Mauch, a former head of the Sons of the Confederate Veterans, proved the present day political clout of white supremacists, winning a seat last year in the Arkansas House of Representatives. Never one to back away from his white supremacist views, Mauch declared the Confederate flag a symbol of Jesus Christ, and has even said he believes Abraham Lincoln did not follow the Constitution. As late as 2005, Mauch was listed as the chairman of an Arkansas chapter of the League of the South, a neo-Confederate organization that advocates for the second secession of the south and for a society dominated by white rule.
3. Mississippi State Rep. John Moore
Elected to the House of Representative in, John Moore has called civil rights a “philosophical idea” about “one group of people,” and has advocated against it a bill to make teaching civil rights mandatory in Mississippi schools. Moore has also given speeches at various rally sponsored by the Council of Conservative Christians, a group that has worked hard to deny its racist sentiments, but who the Republican National Committee has openly condemned in 1999 and that the Southern Poverty Law Center has described as a crudely white supremacist group whose website has run pictures comparing pop singer Michael Jackson to an ape and referred to blacks as “a retrograde species of humanity.” Moore has defended his affiliation with the group saying he felt “very comfortable” meeting with the group’s members.
4. Minnesota State Rep. Michele Bachmann
Although Bachmann has not been linked to any white supremacist groups, she’s among a new crop of political bigots who blur the line between blatant racists and those who understand the art of concealing their ideologies. Despite not being an unabashed bigot, Bachmann’s Tea Party affiliation, the party’s questionable record on race and numerous racial gaffes have prompted many to see her as a racist conservative. Earlier this year Bachmann endorsed a pledge that claimed Black families were better off during slavery. She also railed against a government settlement paid to Black framers, who claimed the federal government discriminated against them for decades. In another instance she claimed, “Not are cultures are equal, not all values all equal.” And she consistently panders to the racially based economic fears saying America might suffer conditions comparable to Africa. Overlooking a number of suffering economies, Bachmann said we may be the next ‘Zimbabwe.”

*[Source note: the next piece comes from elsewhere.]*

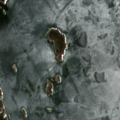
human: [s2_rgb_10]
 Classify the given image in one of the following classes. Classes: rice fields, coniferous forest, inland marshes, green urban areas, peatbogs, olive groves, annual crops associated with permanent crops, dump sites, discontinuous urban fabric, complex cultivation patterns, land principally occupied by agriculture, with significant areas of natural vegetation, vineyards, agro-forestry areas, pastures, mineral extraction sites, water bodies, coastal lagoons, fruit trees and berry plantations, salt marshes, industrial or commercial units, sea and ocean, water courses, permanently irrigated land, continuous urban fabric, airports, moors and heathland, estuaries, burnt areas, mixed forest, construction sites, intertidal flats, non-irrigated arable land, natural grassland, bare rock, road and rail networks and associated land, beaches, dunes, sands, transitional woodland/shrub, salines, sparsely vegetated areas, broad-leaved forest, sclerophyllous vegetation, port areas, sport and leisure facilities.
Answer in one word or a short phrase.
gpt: bare rock, sea and ocean

Like Bachmann, Rick Perry is an ambiguous bigots whose records and affiliations are not blatant enough to call him racist, yet the racist tone of his politics straddles the line. Just recently, Perry came under fire after it was learned that his family’s leased hunting compound in West Texas was named “Niggerhead Ranch.” Perry’s racist tag also has much to do with his relationship with Karl Rove, whose political mentor was Lee Atwater — the master of Southern racial politics known infamously for crafting the 1988 Willie Horton attack ad on the Democratic presidential candidate Michael Dukakis. The Perry-Rove connection also draws racist claims as Rove has become known for his part in what many call a targeted effort to eliminate thousands of votes among black and elderly voters in the 2000 election between George W. Bush and Al Gore. Perry also openly embraced and defended the Confederate flag when the NAACP campaigned to remove the flag from statehouses and other government buildings across the South. Then lieutenant governor of Texas, Perry said the flags should not be removed and that Texans “should never forget our history.”